One such example was the CD40 pathway in rheumatoid arthritis. CD40 is a stimulatory receptor constitutively or inducibly expressed on both immune and nonimmune cells37. Its ligand, CD40L, is expressed primarily on activated T cells but also on a range of other cell types. CD40L–CD40 binding triggers immune cell activation and proliferation and inflammatory cytokine production and the differentiation of B cells into immunoglobulin (Ig)G-secreting plasma cells, making it central to antibody responses. In a murine model of inflammatory arthritis, knock-out or inhibition of the CD40 pathway resulted in reduced inflammation38. Observational studies have demonstrated upregulation of CD40L in the blood and tissues of patients with rheumatoid arthritis and other autoimmune rheumatic diseases30,39. These findings motivated development of drugs targeting the CD40 pathway in rheumatoid arthritis and other IMDs, but anti-CD40L therapy was complicated by thrombosis due to cross-linking CD40L on platelets. Therapeutic targeting of CD40 rather than CD40L may avoid this. Our MR results suggest rheumatoid arthritis as a candidate for this approach. However, the directionally discordant effects we observed of CD40 on rheumatoid arthritis versus multiple sclerosis and IBD raises the possibility of triggering other forms of immune-mediated diseases as a side effect of anti-CD40 therapy. This has some parallels with therapies targeting TNF, which are effective in rheumatoid arthritis but not in multiple sclerosis, and indeed can worsen multiple sclerosis or provoke de novo central nervous system demyelination40,41.

Our MR findings implicate CXCL5 in the etiology of UC, where genetic susceptibility to higher levels of plasma CXCL5 was associated with lower UC risk. Examination of eQTL data revealed that this observation was consistent at the RNA level in both blood and gut tissue. By contrast, in our case–control analysis comparing gut tissue from patients with UC with that from controls, CXCL5 is one of the most upregulated transcripts. A previous study reported that serum levels of CXCL5 are higher in IBD patients than in controls42. Recent studies using UC gut tissue have implicated upregulation of genes encoding neutrophil-targeting chemokines, including CXCL5, by nonimmune cells as correlating with important histopathological features, such as ulceration, and differentiating patient trajectories, including their responsiveness to different treatments43,44. Targeting CXCR2, the receptor for CXCL5, significantly attenuates animal models of UC44. One possible explanation that may reconcile these apparently contradictory findings is that genetic tendency to lower CXCL5 expression increases UC risk through impaired mucosal immune homeostasis, but that elevated CXCL5 is an important driver of tissue injury once disease has been initiated.
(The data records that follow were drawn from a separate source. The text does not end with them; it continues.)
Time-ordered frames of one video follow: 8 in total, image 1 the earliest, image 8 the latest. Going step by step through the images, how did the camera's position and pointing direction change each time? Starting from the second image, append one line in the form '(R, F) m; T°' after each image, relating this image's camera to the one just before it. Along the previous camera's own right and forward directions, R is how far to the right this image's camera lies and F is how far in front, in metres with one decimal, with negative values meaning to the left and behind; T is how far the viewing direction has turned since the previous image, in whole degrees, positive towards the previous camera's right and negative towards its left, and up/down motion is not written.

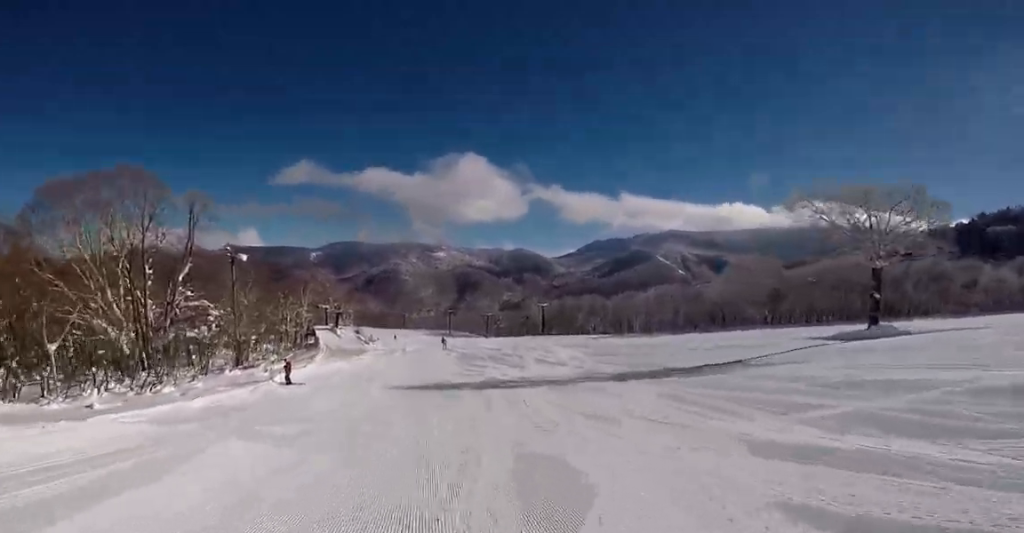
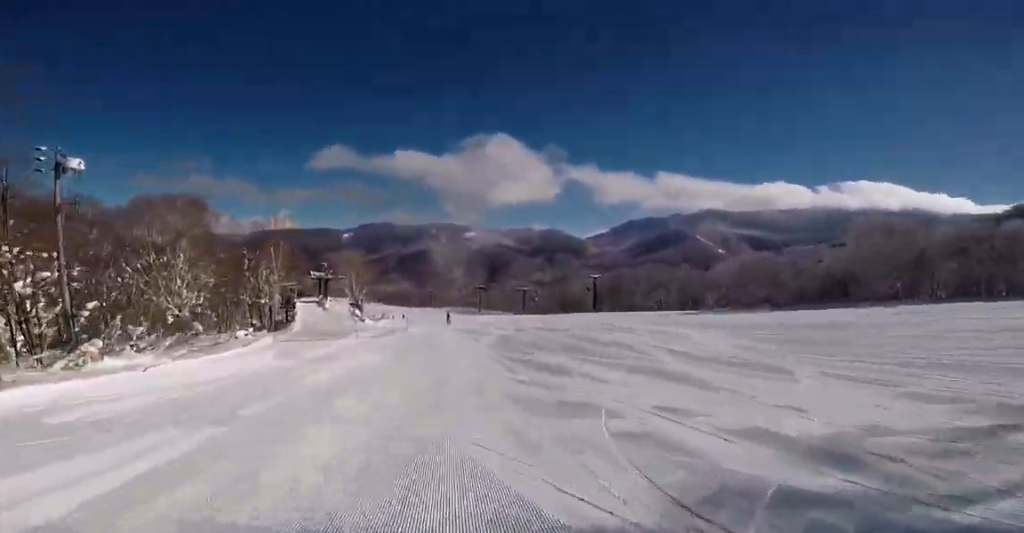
(+0.3, +19.0) m; +1°
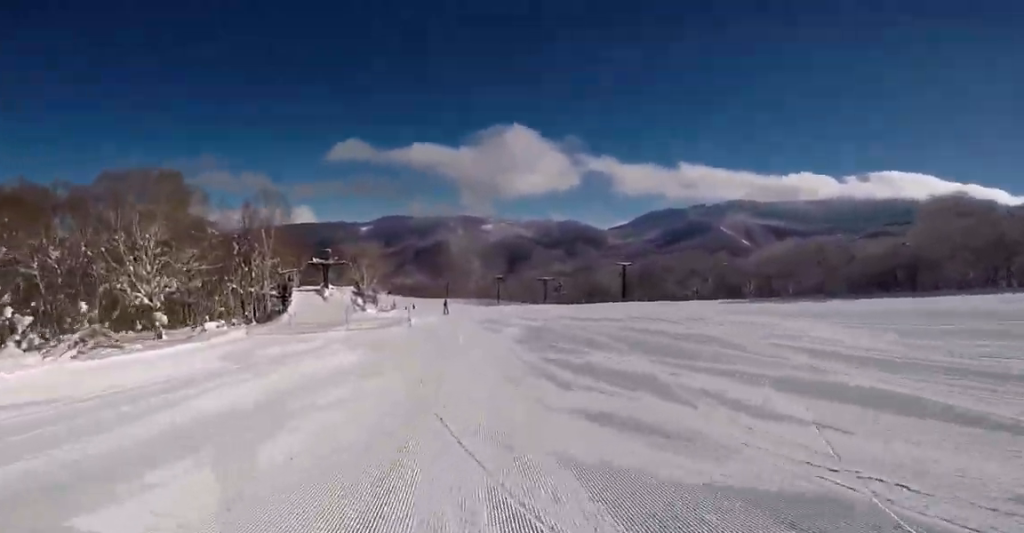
(0.0, +5.7) m; -1°
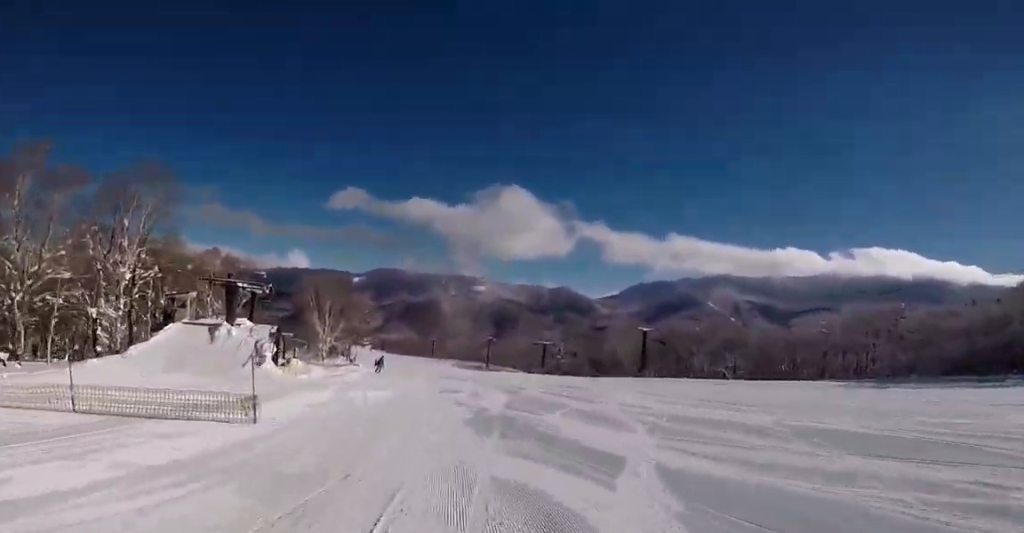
(-0.2, +15.3) m; -1°
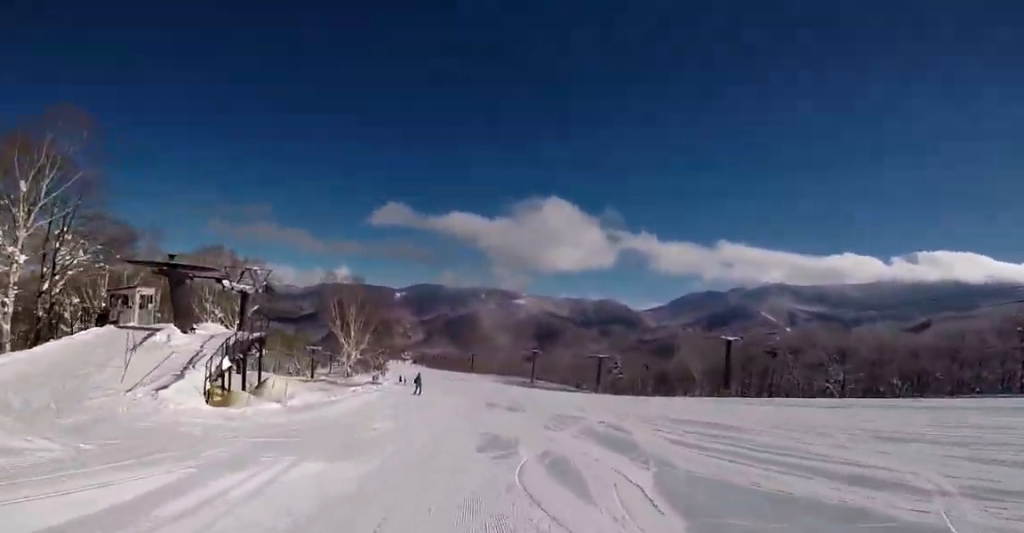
(0.0, +9.2) m; 0°
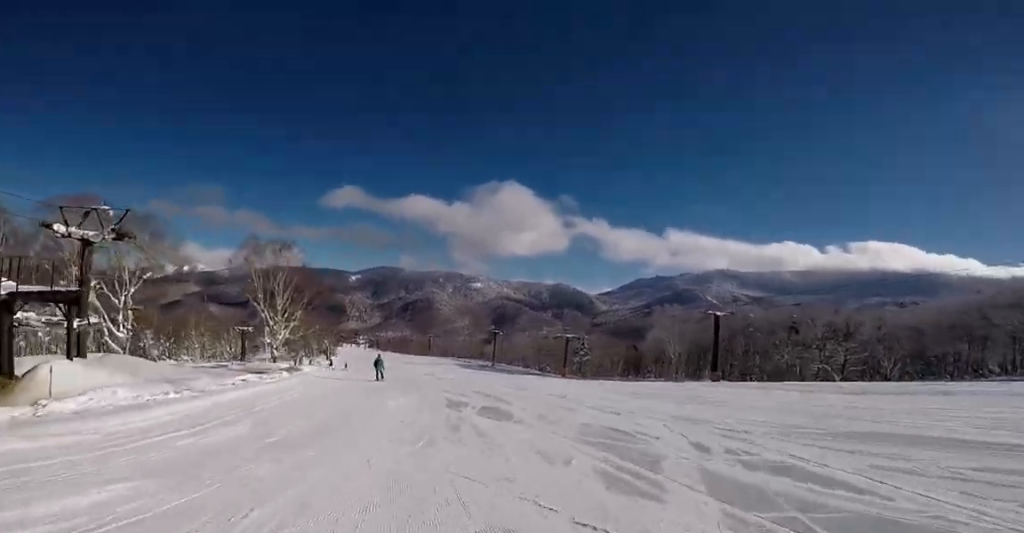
(+0.1, +8.9) m; -3°
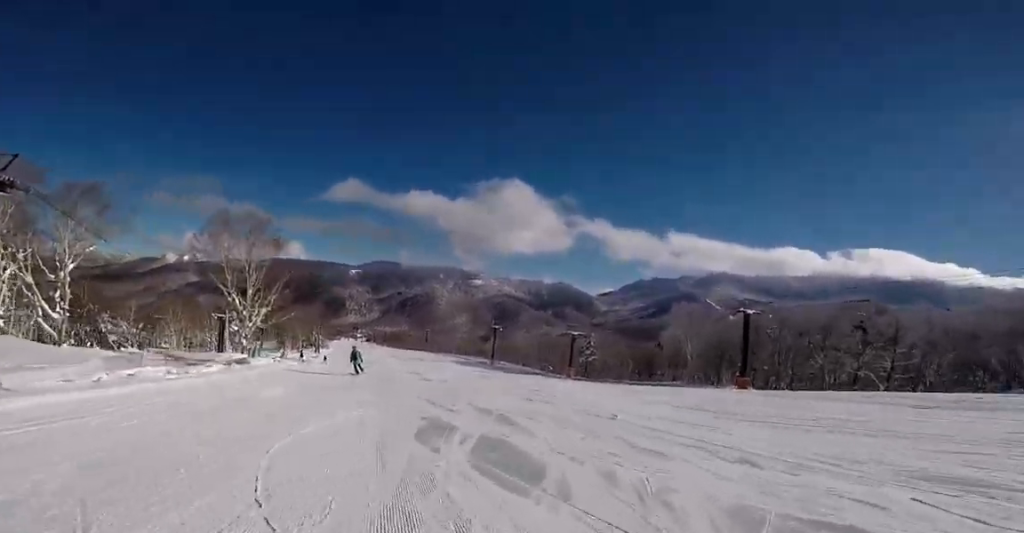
(0.0, +5.8) m; -6°
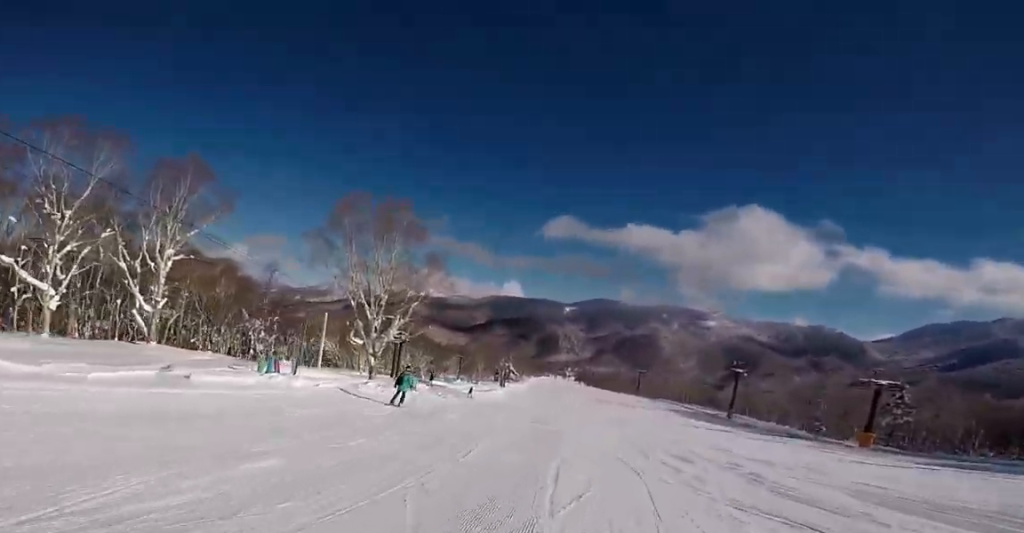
(-1.6, +14.1) m; -3°

By analogy, a noncoding genetic variant associated with lower gene and protein expression of TNFSF15 (encoding the inflammatory cytokine TL1A) in monocytes and macrophages increases IBD susceptibility45, but TL1A is upregulated both systemically and in the gut in patients with active IBD46,47, and anti-TL1A therapies have recently shown efficacy in IBD in phase 2 randomized trials (NCT05013905 and NCT04996797 (ref. 48)).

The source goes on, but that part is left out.